-------- Supplied records
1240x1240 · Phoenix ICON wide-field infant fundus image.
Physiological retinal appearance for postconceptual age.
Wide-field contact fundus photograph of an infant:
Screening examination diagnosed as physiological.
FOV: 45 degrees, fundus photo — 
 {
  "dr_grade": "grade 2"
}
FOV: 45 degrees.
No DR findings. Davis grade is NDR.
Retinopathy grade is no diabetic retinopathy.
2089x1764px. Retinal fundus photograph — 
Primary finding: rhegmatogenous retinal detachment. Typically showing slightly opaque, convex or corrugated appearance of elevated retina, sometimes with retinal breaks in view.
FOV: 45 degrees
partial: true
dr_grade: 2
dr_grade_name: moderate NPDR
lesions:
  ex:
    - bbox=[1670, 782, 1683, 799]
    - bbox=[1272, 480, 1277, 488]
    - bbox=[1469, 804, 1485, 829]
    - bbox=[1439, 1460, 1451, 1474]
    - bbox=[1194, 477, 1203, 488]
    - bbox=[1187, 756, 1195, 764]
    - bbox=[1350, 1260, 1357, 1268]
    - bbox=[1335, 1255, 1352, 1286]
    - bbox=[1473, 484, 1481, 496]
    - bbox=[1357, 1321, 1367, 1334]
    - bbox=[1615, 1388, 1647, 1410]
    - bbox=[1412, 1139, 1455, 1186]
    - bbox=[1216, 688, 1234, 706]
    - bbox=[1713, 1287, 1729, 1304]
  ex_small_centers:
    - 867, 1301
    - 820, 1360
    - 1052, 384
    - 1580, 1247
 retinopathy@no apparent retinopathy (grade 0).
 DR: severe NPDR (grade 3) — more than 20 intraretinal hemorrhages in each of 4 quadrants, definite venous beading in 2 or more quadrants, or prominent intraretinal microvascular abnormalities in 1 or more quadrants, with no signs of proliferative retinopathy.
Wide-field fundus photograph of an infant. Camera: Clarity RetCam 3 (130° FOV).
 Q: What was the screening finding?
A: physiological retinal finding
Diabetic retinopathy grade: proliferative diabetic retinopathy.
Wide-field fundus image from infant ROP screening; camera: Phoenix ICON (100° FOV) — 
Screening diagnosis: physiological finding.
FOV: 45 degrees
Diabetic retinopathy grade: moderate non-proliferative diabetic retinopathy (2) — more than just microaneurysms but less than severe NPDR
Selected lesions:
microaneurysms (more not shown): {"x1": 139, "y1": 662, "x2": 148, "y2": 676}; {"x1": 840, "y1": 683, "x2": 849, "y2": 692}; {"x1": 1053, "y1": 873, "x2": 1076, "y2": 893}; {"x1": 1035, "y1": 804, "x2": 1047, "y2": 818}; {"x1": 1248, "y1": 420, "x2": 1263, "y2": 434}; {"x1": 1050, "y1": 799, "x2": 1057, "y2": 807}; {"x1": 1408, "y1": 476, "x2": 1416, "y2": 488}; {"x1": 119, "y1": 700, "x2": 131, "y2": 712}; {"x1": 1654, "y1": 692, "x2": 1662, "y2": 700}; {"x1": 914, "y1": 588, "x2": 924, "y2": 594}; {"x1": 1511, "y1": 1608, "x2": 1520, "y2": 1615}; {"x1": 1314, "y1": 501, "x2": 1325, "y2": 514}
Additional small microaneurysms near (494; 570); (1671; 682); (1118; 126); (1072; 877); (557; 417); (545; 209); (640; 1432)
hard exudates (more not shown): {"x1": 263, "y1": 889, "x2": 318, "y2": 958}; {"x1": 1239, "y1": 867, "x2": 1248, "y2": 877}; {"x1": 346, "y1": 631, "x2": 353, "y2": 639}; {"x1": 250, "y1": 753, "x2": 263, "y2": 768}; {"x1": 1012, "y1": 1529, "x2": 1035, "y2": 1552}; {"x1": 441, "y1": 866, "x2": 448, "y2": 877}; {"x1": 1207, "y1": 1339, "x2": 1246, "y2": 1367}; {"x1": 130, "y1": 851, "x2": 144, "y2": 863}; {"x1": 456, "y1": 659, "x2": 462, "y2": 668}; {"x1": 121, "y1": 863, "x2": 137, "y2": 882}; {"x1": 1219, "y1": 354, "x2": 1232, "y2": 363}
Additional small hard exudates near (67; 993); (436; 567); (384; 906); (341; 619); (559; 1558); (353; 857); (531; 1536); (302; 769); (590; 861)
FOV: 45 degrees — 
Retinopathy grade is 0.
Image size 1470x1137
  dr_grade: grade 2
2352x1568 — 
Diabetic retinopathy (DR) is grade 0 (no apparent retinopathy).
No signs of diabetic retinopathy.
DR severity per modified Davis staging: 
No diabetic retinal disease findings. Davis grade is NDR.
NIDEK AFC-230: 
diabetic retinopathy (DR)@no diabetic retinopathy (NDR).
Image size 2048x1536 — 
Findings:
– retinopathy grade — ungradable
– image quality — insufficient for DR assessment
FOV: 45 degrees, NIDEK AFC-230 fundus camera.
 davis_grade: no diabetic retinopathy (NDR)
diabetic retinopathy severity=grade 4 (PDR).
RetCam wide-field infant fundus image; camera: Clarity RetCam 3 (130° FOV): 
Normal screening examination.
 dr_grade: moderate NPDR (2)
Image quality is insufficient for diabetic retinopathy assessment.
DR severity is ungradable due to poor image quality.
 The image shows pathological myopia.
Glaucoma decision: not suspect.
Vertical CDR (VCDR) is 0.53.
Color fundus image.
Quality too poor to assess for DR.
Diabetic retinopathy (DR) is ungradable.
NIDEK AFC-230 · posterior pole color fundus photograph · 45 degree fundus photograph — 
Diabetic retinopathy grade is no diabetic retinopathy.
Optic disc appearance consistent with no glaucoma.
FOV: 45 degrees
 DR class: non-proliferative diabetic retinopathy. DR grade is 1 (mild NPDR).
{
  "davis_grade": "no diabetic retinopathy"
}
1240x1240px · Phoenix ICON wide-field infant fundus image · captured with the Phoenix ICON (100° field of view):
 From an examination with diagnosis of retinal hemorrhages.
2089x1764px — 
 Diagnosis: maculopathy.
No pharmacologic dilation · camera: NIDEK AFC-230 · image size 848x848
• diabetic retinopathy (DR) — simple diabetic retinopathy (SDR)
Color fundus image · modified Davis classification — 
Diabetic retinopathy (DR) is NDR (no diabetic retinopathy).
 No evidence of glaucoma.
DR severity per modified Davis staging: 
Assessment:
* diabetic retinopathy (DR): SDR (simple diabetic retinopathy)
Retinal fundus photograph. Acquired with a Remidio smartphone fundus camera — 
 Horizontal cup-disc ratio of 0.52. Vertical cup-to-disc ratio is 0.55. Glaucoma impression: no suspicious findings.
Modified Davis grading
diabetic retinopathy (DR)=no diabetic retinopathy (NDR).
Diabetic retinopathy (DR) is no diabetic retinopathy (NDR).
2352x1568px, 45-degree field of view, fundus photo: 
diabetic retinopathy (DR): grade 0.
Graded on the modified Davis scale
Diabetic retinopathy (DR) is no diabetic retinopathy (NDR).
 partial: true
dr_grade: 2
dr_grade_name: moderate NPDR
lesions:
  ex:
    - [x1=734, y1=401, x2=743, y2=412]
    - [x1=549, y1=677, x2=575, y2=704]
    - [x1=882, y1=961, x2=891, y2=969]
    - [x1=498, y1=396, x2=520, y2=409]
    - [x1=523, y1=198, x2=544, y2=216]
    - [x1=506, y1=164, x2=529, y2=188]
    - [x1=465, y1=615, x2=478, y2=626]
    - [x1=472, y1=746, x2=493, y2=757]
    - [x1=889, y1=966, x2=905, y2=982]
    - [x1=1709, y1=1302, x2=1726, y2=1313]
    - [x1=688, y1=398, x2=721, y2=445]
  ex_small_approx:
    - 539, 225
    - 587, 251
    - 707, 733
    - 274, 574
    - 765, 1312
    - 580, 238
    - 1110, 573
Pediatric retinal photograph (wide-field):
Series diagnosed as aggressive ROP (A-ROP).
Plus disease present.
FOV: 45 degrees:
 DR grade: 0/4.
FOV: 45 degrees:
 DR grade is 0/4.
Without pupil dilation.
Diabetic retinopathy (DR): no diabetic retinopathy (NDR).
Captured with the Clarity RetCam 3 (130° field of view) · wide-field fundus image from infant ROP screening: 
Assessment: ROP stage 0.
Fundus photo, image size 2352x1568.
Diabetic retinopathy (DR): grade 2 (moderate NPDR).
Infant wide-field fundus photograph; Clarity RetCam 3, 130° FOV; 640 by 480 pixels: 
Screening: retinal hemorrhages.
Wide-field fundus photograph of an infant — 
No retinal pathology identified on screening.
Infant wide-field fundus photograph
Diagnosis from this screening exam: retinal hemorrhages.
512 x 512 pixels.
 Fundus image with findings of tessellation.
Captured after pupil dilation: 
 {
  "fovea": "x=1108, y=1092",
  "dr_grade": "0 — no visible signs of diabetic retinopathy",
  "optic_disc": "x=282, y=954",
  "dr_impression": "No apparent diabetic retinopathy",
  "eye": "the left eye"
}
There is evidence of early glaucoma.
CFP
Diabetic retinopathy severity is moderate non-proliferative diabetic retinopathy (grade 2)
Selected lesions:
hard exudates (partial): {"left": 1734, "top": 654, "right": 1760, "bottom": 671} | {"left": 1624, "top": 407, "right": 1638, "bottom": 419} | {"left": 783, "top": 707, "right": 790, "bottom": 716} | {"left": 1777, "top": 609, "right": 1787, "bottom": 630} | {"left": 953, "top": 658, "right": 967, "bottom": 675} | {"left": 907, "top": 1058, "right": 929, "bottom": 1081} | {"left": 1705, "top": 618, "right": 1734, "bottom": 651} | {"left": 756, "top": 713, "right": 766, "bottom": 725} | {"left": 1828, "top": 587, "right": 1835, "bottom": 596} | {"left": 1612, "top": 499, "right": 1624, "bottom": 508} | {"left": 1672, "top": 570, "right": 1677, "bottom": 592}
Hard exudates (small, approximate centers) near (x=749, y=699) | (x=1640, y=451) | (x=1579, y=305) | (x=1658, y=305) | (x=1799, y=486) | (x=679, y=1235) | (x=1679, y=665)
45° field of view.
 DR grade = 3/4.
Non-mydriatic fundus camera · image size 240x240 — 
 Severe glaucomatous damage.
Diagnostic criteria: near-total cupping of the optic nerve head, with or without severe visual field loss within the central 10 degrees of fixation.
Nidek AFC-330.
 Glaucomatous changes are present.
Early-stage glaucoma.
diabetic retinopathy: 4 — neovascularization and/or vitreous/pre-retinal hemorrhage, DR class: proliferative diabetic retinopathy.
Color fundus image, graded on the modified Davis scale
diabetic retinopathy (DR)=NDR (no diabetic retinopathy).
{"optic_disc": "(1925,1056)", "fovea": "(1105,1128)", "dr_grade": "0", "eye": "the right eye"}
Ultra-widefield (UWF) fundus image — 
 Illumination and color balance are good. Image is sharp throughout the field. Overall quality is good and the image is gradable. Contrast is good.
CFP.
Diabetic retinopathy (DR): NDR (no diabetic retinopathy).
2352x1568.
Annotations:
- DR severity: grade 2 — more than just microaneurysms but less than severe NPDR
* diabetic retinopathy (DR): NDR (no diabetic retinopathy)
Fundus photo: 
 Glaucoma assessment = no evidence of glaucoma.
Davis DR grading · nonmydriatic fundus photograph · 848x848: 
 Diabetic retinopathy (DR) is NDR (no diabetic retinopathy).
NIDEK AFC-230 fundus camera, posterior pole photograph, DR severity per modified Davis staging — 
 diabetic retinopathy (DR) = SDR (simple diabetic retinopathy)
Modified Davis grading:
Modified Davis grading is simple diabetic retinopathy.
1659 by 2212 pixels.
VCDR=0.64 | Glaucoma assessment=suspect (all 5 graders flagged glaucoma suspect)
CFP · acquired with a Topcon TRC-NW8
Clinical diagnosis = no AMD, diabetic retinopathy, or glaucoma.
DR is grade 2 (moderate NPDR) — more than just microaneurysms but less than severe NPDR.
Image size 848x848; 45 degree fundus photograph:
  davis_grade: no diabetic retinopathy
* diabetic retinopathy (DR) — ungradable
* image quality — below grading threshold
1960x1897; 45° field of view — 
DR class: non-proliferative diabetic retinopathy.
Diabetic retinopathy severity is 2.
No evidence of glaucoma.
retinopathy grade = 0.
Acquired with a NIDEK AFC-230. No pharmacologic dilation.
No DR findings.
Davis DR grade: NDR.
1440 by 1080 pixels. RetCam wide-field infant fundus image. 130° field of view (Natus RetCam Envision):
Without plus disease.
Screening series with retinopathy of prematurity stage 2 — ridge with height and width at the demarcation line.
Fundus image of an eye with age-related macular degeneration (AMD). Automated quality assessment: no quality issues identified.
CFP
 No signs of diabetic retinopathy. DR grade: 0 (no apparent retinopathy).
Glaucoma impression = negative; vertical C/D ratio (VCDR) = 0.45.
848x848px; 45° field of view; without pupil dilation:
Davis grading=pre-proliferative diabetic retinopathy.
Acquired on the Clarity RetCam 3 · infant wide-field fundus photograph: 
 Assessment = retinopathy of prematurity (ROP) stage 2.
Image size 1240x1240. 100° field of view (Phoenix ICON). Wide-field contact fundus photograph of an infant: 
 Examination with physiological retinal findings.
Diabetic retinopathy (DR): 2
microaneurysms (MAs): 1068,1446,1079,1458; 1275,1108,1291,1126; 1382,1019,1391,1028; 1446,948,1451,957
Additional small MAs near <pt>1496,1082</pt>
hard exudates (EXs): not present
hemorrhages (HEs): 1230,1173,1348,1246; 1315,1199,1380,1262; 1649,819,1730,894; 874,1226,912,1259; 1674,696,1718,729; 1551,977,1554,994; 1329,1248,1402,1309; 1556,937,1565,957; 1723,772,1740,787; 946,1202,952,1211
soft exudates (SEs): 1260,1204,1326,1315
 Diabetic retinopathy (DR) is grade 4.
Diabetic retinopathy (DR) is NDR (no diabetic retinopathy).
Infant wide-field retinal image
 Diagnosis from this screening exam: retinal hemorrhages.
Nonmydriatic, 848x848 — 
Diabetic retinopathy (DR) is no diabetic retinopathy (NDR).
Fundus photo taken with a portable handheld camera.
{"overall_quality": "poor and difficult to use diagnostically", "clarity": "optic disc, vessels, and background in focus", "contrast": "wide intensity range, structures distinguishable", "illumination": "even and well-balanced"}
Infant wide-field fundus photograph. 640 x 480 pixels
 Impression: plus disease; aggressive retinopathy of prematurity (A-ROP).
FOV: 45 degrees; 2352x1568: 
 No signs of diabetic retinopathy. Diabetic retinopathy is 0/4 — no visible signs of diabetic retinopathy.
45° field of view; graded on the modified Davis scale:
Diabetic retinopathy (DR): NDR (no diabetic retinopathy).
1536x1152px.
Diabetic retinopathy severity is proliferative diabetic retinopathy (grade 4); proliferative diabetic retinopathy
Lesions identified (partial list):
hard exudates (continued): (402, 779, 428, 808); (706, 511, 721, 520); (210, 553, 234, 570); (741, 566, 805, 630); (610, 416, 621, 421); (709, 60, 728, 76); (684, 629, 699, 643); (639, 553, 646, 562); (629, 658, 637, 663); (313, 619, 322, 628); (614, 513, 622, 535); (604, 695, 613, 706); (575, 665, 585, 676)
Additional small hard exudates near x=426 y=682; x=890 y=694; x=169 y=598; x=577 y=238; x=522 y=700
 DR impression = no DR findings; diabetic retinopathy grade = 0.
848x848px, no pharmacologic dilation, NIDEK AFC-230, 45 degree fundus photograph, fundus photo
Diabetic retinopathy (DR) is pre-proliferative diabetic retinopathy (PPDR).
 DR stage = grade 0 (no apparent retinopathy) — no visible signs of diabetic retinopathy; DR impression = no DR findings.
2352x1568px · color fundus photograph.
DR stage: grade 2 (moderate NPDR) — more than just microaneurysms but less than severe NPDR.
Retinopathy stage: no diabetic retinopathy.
----------------
== Work request ==
Beginning with the line that contains "1536x1152px.", write out every line through the end of the entries above, exactly.

== Response to the task ==
1536x1152px.
Diabetic retinopathy severity is proliferative diabetic retinopathy (grade 4); proliferative diabetic retinopathy
Lesions identified (partial list):
hard exudates (continued): (402, 779, 428, 808); (706, 511, 721, 520); (210, 553, 234, 570); (741, 566, 805, 630); (610, 416, 621, 421); (709, 60, 728, 76); (684, 629, 699, 643); (639, 553, 646, 562); (629, 658, 637, 663); (313, 619, 322, 628); (614, 513, 622, 535); (604, 695, 613, 706); (575, 665, 585, 676)
Additional small hard exudates near x=426 y=682; x=890 y=694; x=169 y=598; x=577 y=238; x=522 y=700
 DR impression = no DR findings; diabetic retinopathy grade = 0.
848x848px, no pharmacologic dilation, NIDEK AFC-230, 45 degree fundus photograph, fundus photo
Diabetic retinopathy (DR) is pre-proliferative diabetic retinopathy (PPDR).
 DR stage = grade 0 (no apparent retinopathy) — no visible signs of diabetic retinopathy; DR impression = no DR findings.
2352x1568px · color fundus photograph.
DR stage: grade 2 (moderate NPDR) — more than just microaneurysms but less than severe NPDR.
Retinopathy stage: no diabetic retinopathy.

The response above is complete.